Para desarrollar un método LC-TIMS ToF MS/MS para analizar péptidos proteolíticos de histonas, acople un HPLC equipado con una columna C-18 con un instrumento comercial TIMS ToF MS con tecnología pasiva patentada. A continuación, establezca las condiciones de funcionamiento de ionización por nanoelectrospray en 4, voltaje capilar de 500 voltios, desplazamiento de la placa final de 800 voltios, presión del nebulizador de tres bares, gas seco de 10 litros por minuto y calentador seco de 200 grados centígrados. Configure los ajustes de MS en energía de colisión de seis electronvoltios, RF de colisión de 1200 VPP, tiempo de transferencia de 75 microsegundos y almacenamiento previo al pulso de cinco microsegundos.
Ajuste el volumen de inyección a 20 microlitros, correspondientes a ocho microgramos de la muestra, y ajuste el caudal a 0,4 mililitros por minuto. Después de introducir la línea de tiempo de gradiente especificada y la prueba de acetónido con porcentajes de ácido fórmico al 0,1 %, seleccione Aceptar en ambos cuadros emergentes para guardar el método. Ejecute un gradiente de LC no lineal de 60 minutos con agua y acetonitrilo, ambos con ácido fórmico al 0,1 %.
Verifique la elución de la muestra de la HPLC en el ToF de TIMS mediante ionización por nanoelectrospray en modo de ionización positiva. Para identificar secuencias peptídicas y sitios de modificación bajo la herramienta MS-Digest, genere una lista teórica de péptidos utilizando Protein Prospector. A continuación, realice un resumen teórico teniendo en cuenta las condiciones de digestión, el tipo de modificaciones postraduccionales, el rango de tamaño de los péptidos, el rango de detección de masas y el número potencial de escisiones perdidas.
Para analizar los datos adquiridos, busque las masas en varios estados de carga, que van de más uno a más cuatro, para cada péptido teórico.

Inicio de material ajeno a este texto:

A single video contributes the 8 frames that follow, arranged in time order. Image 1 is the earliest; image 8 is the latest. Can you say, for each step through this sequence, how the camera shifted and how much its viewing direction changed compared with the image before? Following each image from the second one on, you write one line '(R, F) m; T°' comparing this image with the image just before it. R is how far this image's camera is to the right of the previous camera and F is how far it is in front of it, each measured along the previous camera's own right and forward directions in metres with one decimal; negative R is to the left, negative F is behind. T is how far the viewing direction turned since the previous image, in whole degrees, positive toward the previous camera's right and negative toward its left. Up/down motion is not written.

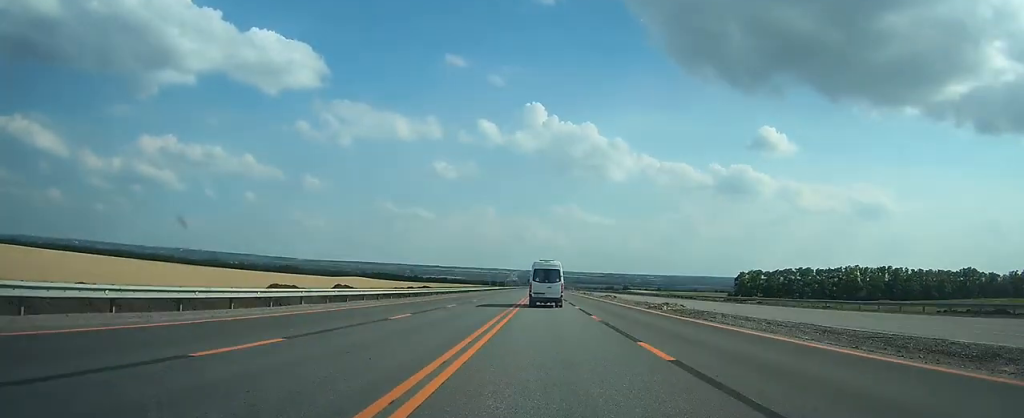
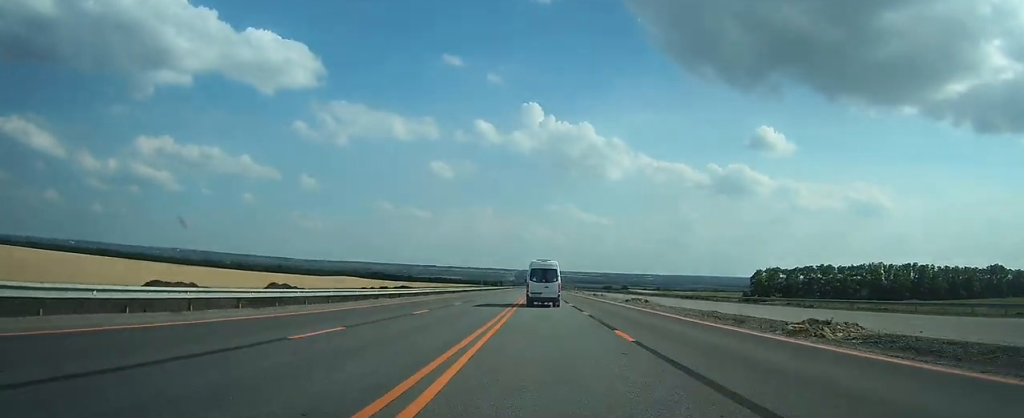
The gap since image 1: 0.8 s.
(0.0, +20.1) m; 0°
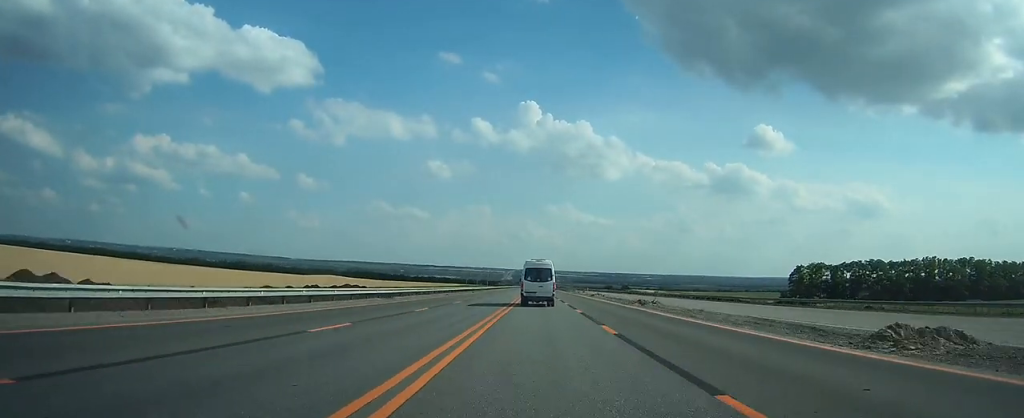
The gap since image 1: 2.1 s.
(0.0, +34.3) m; 0°
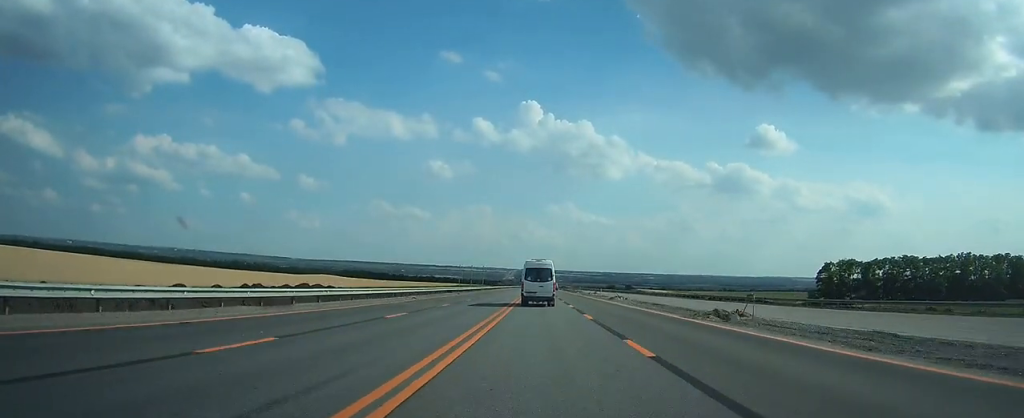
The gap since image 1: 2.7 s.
(0.0, +16.9) m; 0°
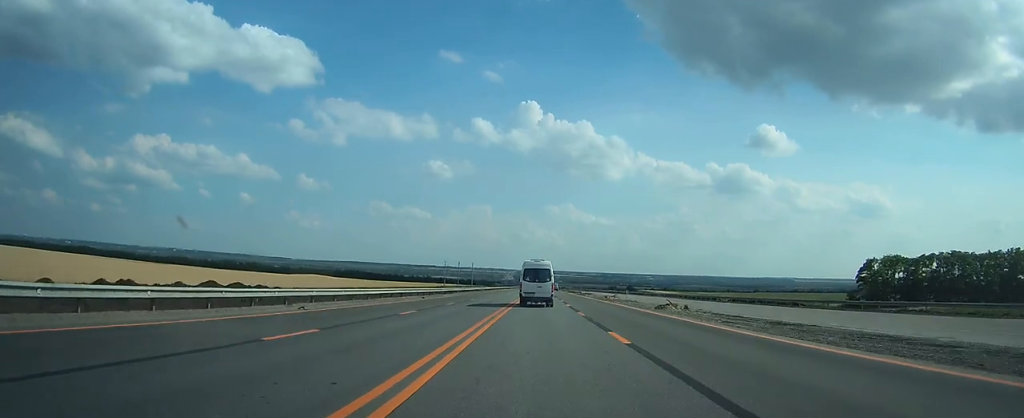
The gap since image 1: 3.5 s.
(0.0, +21.4) m; 0°
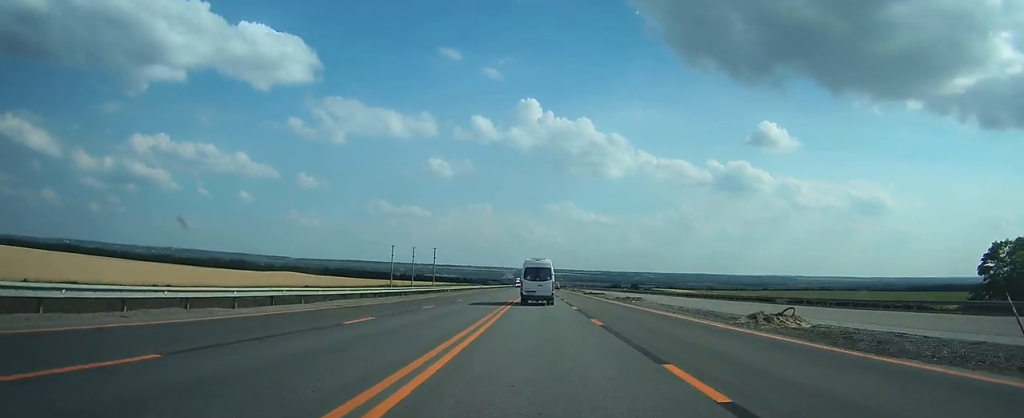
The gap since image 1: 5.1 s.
(0.0, +43.1) m; 0°
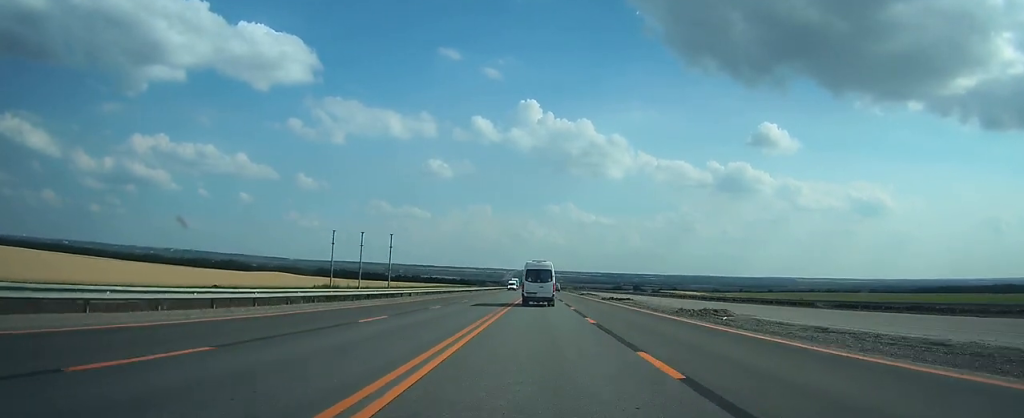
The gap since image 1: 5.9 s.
(0.0, +22.5) m; 0°
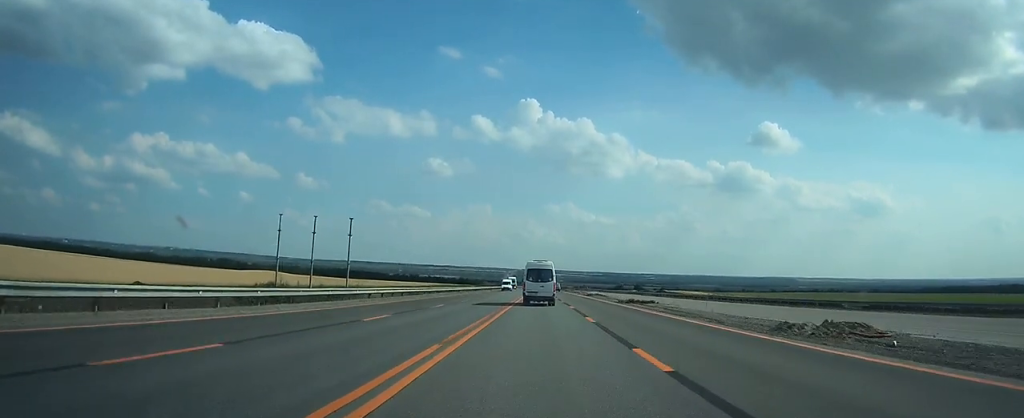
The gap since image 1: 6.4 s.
(0.0, +11.7) m; 0°
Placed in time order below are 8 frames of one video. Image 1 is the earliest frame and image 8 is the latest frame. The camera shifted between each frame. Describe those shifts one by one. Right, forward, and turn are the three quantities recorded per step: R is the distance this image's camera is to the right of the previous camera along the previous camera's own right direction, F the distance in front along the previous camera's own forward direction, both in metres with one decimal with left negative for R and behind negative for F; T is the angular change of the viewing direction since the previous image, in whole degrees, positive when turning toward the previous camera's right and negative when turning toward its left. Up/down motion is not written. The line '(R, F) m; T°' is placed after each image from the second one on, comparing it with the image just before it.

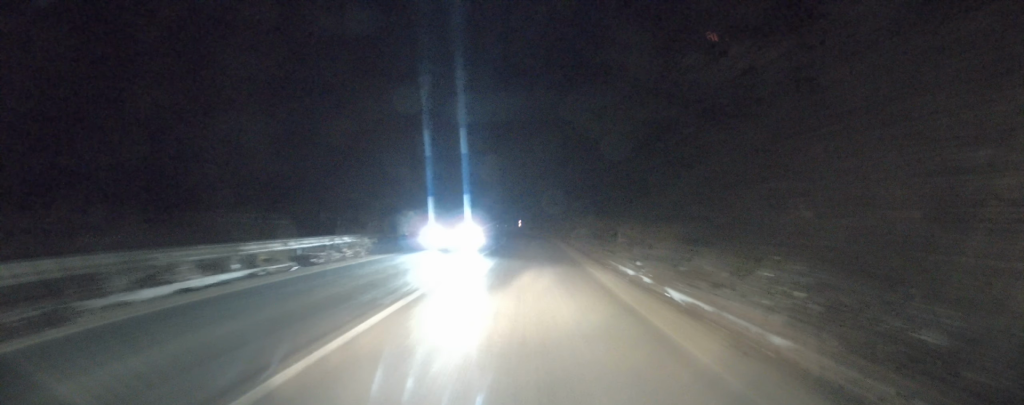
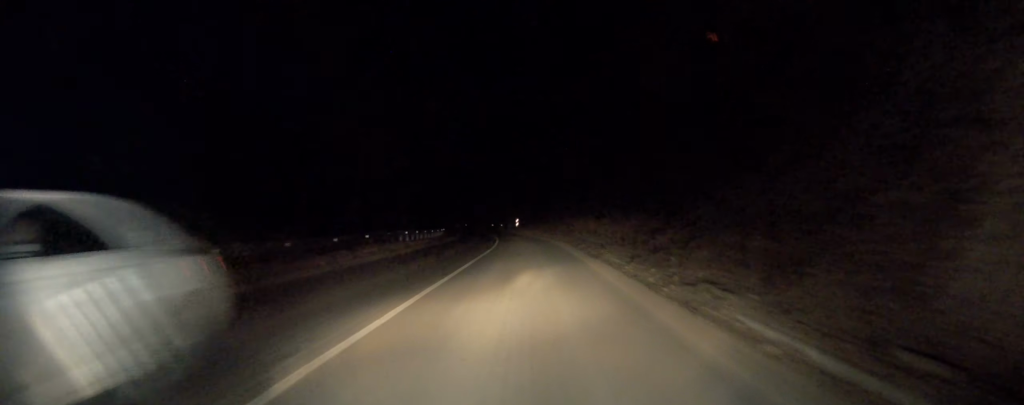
(+0.2, +12.4) m; +1°
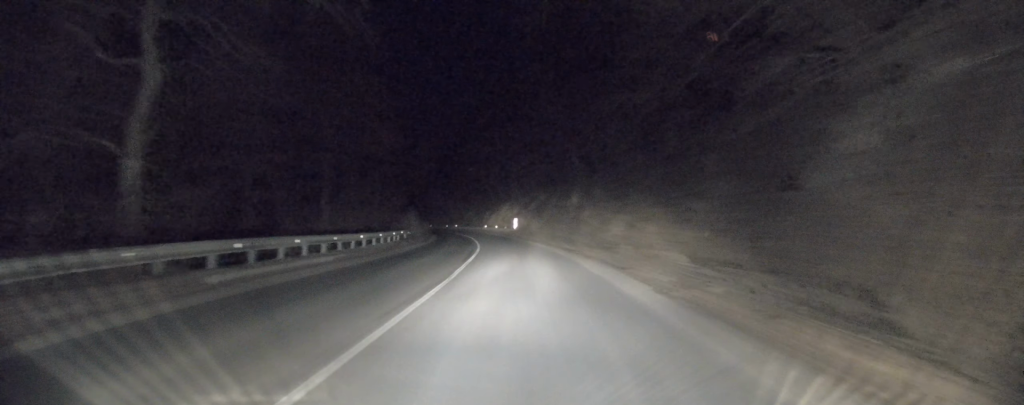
(+0.1, +20.1) m; 0°
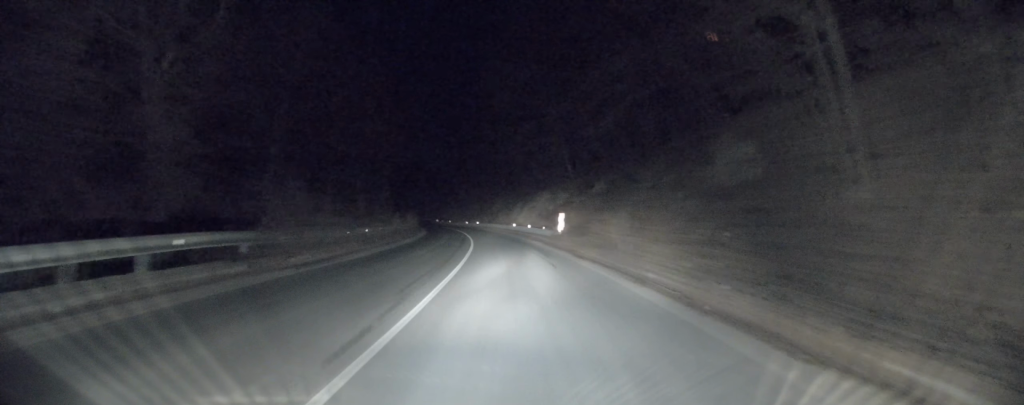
(-0.3, +28.3) m; -1°
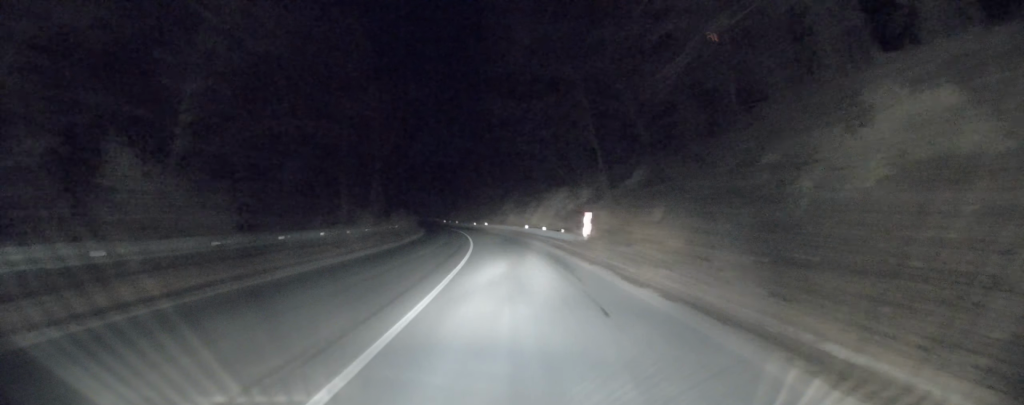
(0.0, +8.1) m; -1°
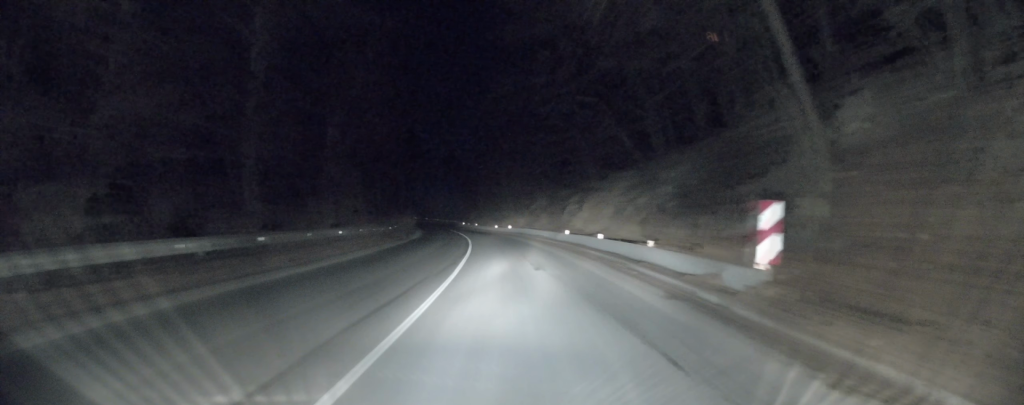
(-0.3, +18.0) m; -3°
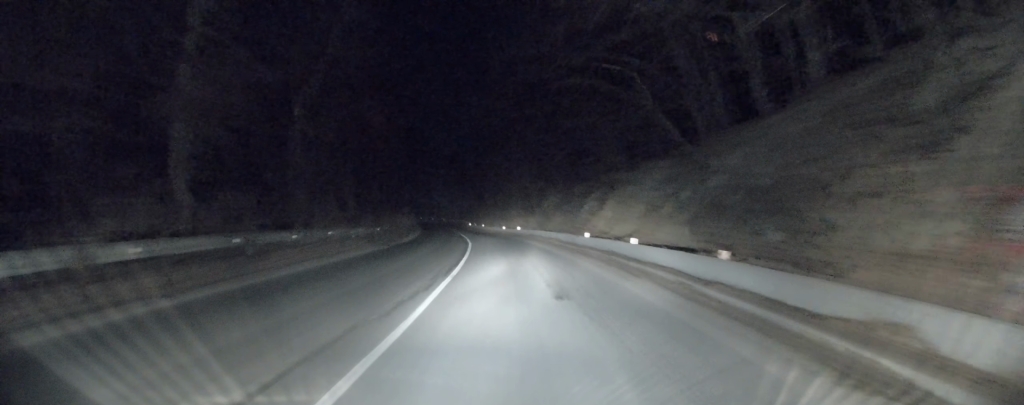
(0.0, +5.7) m; -1°
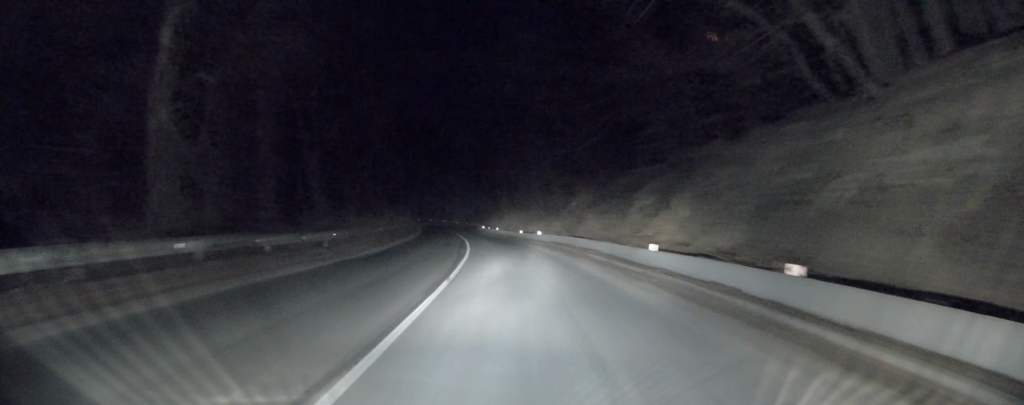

Después de identificar cada relación masa-carga, seleccione el pico y confirme el MSMS utilizando una lista teórica de iones de fragmentación basada en la secuencia peptídica. Incluyendo modificaciones post-traduccionales.
Los espectros de fragmentación de los péptidos revelaron tres variantes peptídicas diferentes con varias modificaciones postranscripcionales, incluidos los grupos propionilo y acetilo, en diferentes posiciones. La histona H3 estándar con propionilla exhibió péptidos más largos que la versión no modificada. Las histonas extraídas de las células HeLa S3 mostraron múltiples patrones de modificación postraduccional en las mismas posiciones de aminoácidos.